Source material:

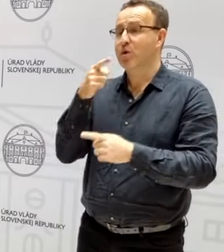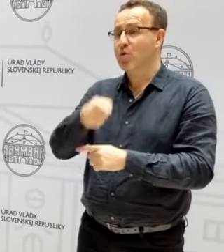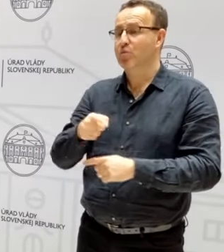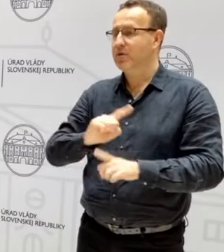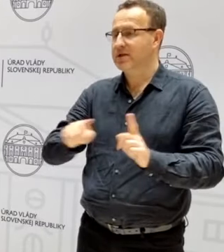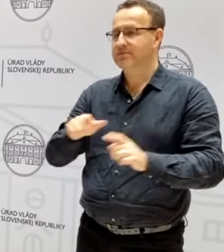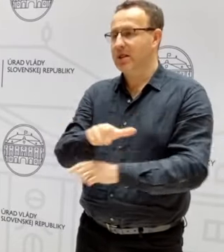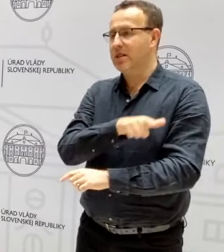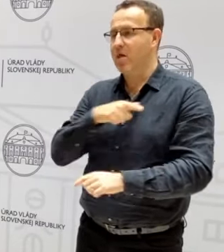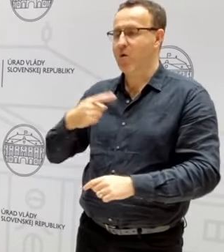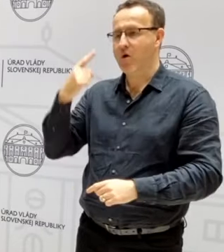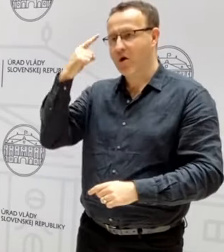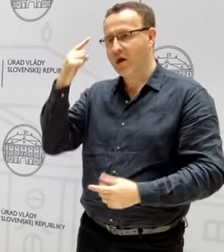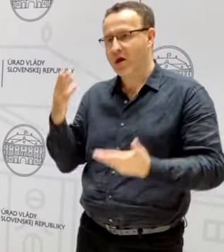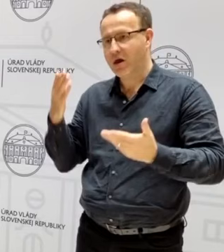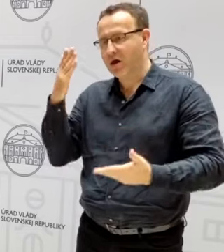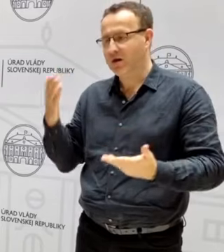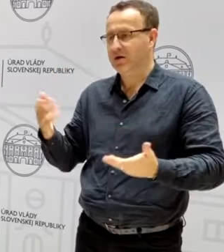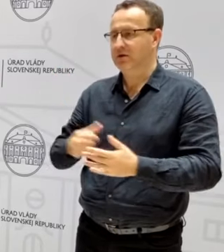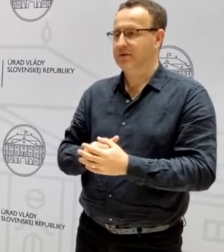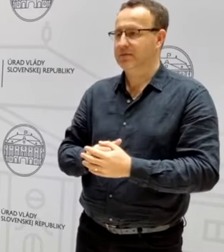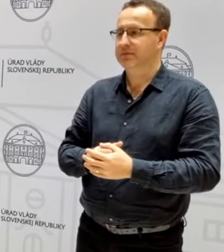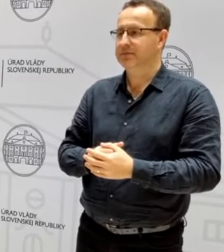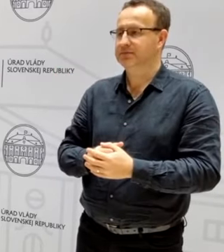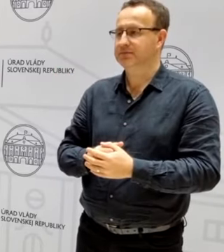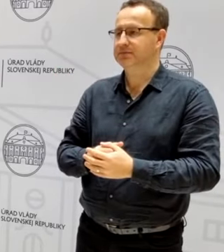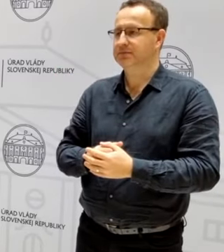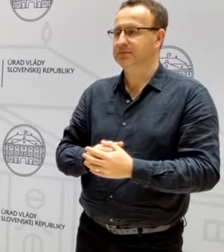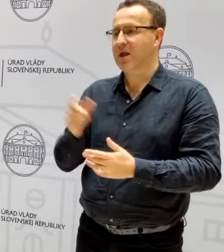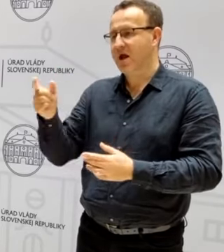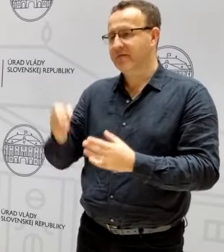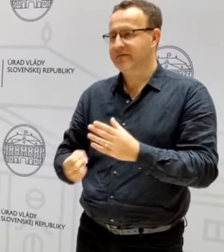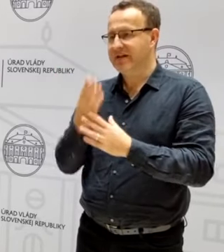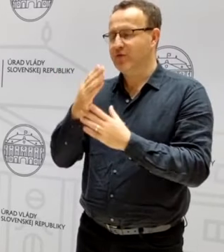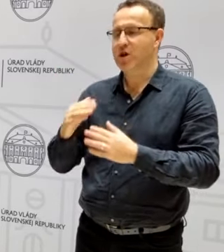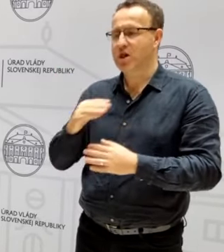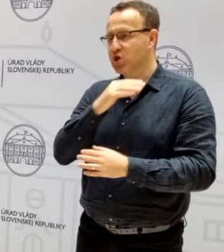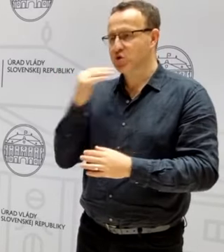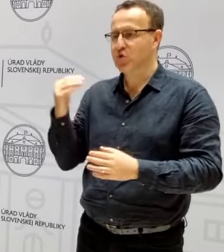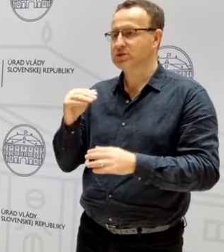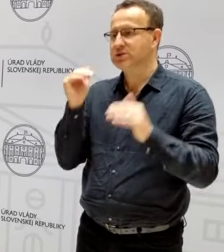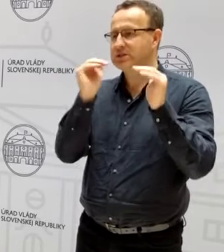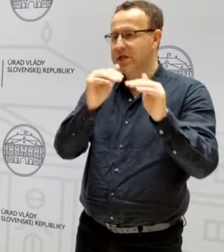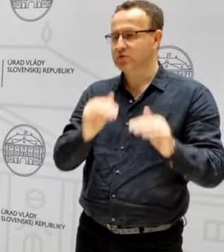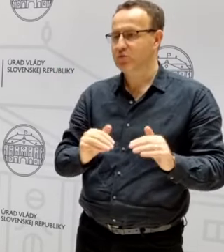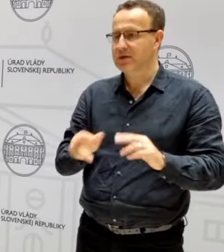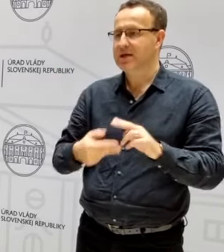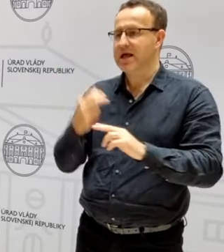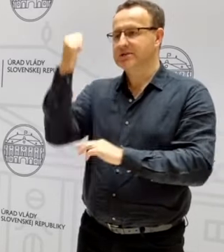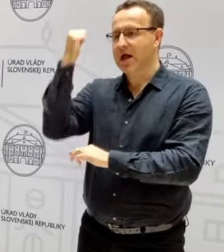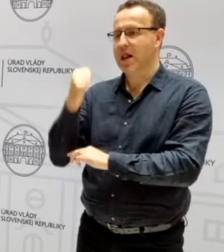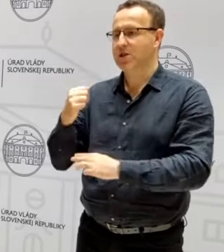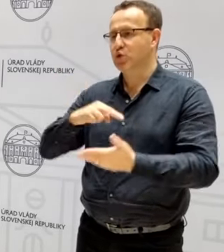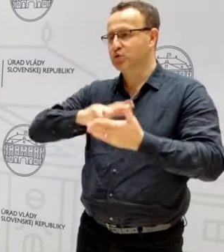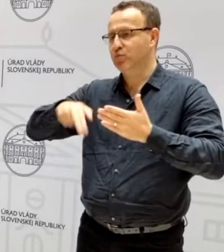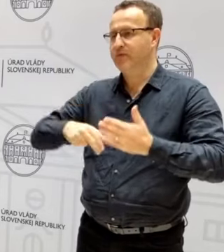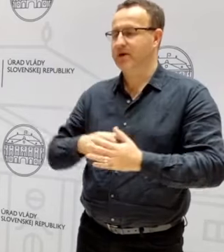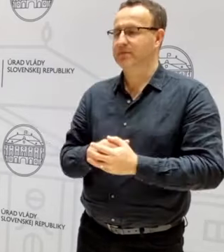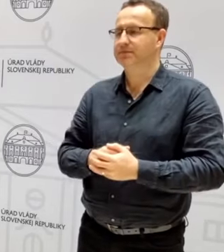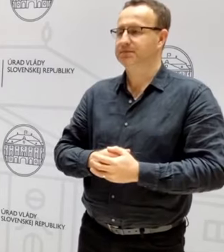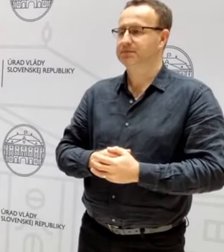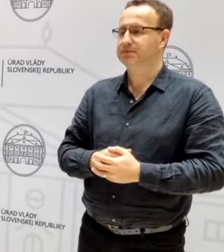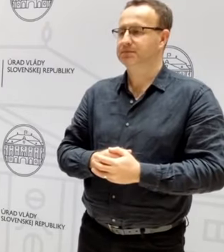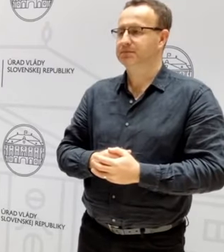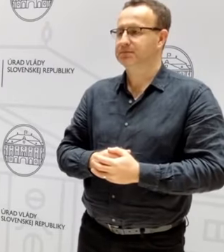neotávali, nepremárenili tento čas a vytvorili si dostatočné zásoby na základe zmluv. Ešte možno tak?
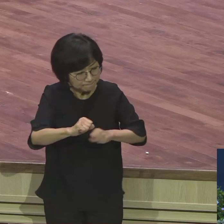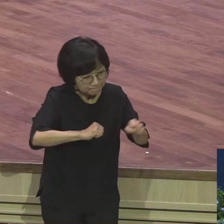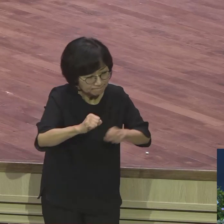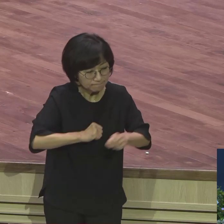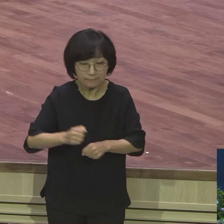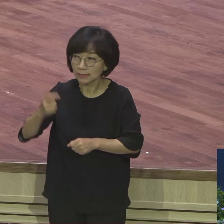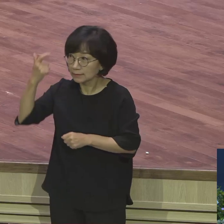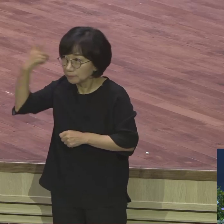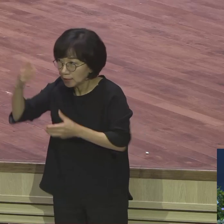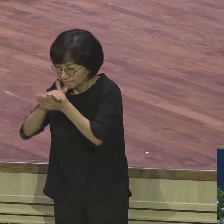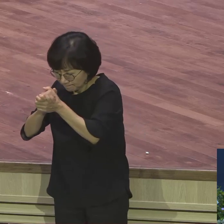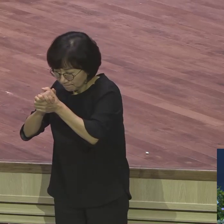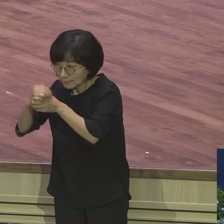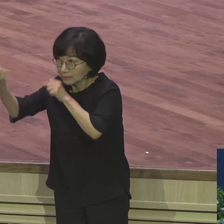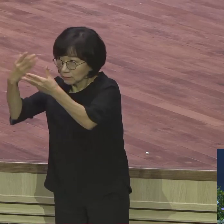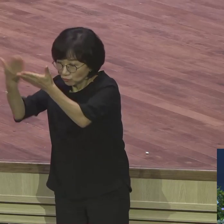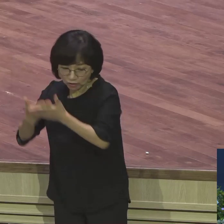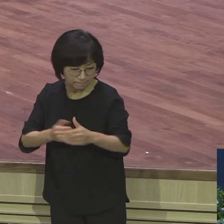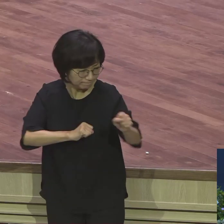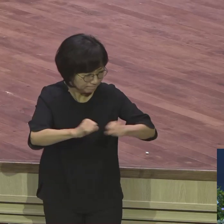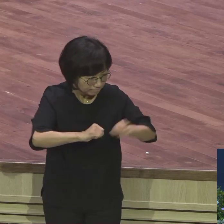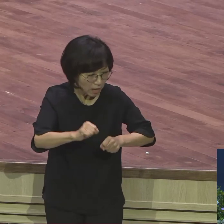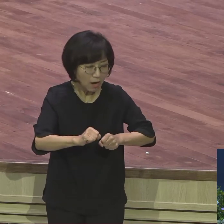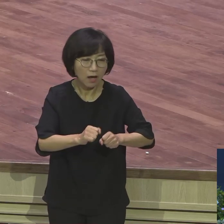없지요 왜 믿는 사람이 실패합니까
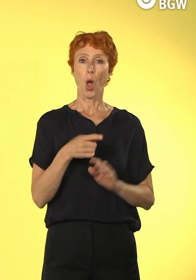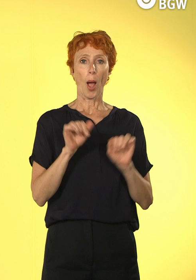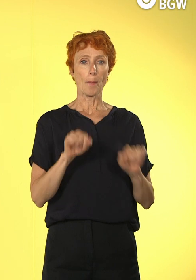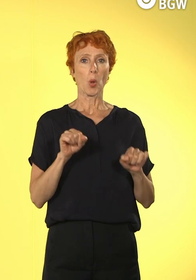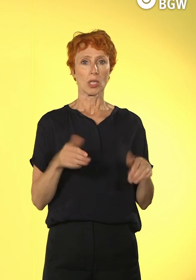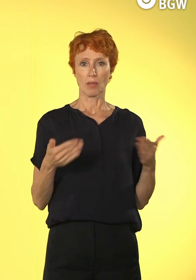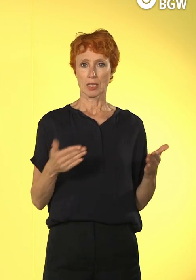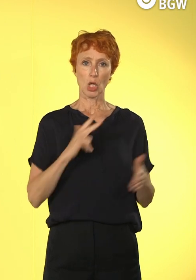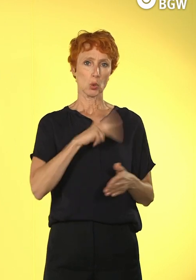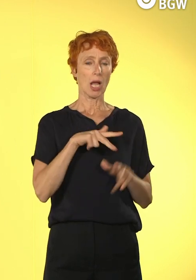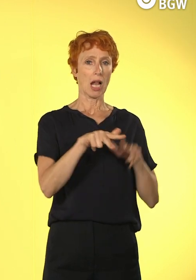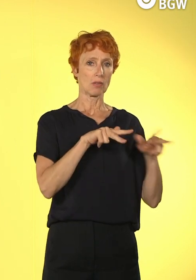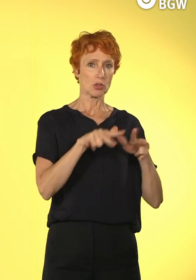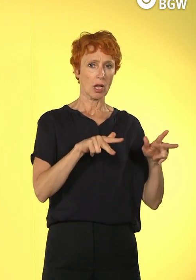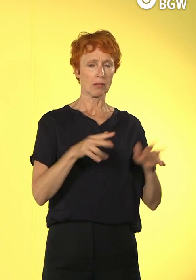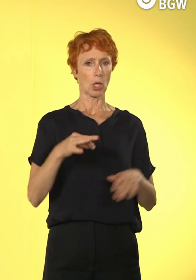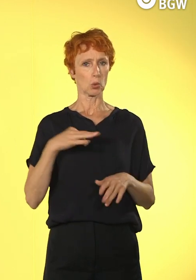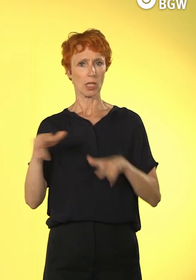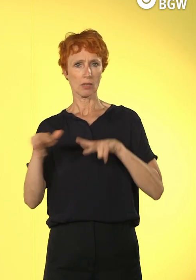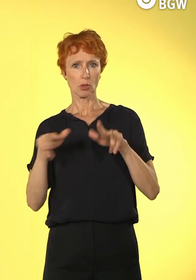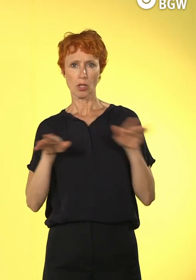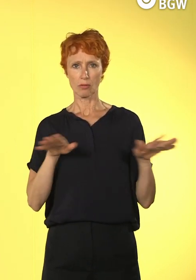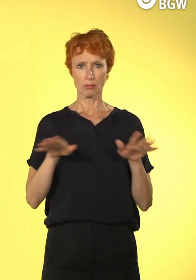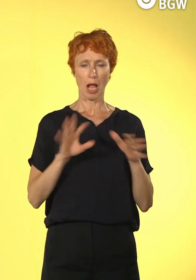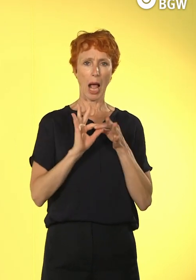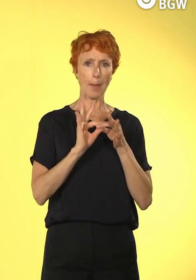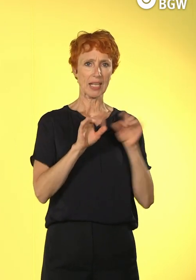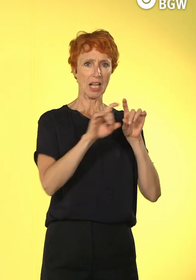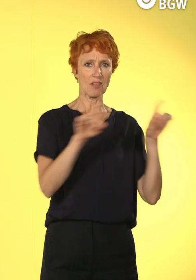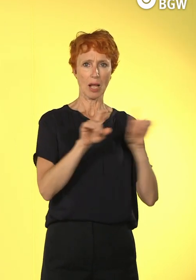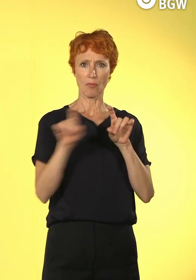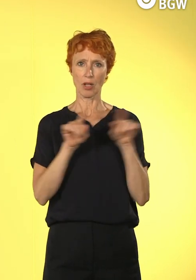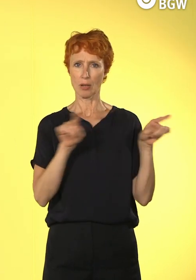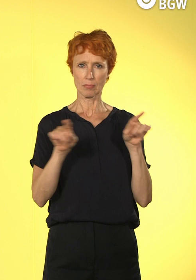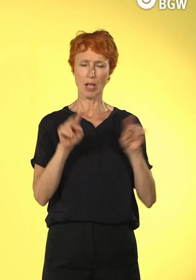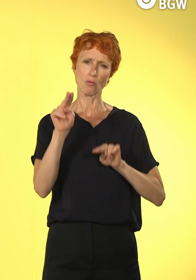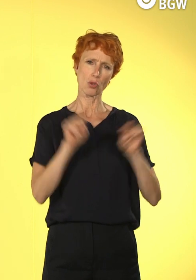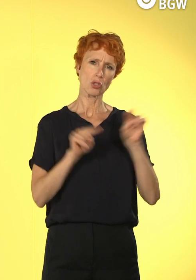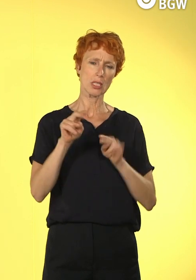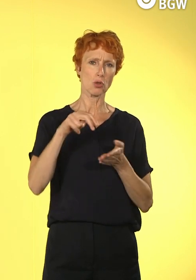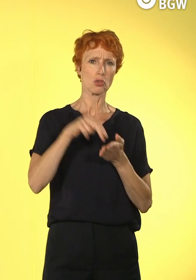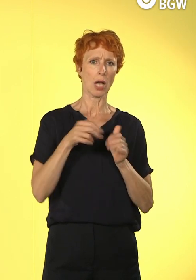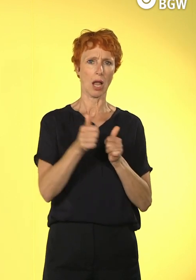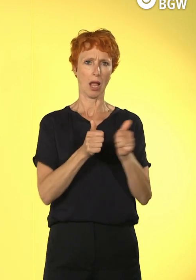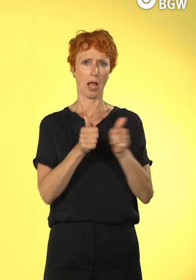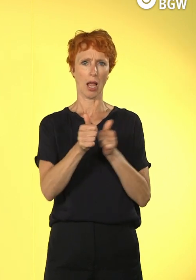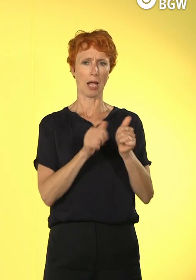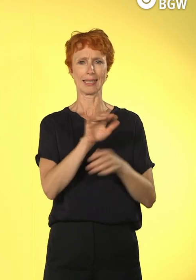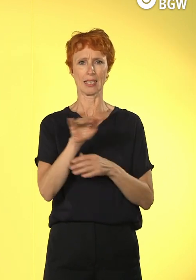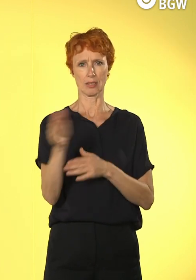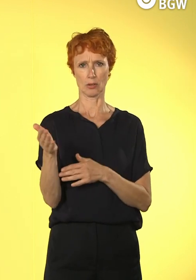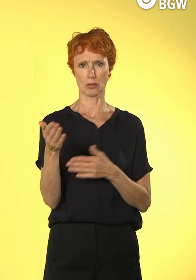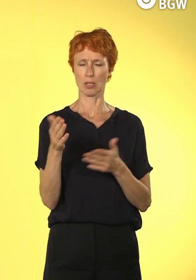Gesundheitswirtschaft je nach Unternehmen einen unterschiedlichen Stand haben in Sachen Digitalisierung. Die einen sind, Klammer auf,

Exercise details: Would you repeat each line of the listing exactly, skipping any picture?

Response to the exercise:
neotávali, nepremárenili tento čas a vytvorili si dostatočné zásoby na základe zmluv. Ešte možno tak?
없지요 왜 믿는 사람이 실패합니까
Gesundheitswirtschaft je nach Unternehmen einen unterschiedlichen Stand haben in Sachen Digitalisierung. Die einen sind, Klammer auf,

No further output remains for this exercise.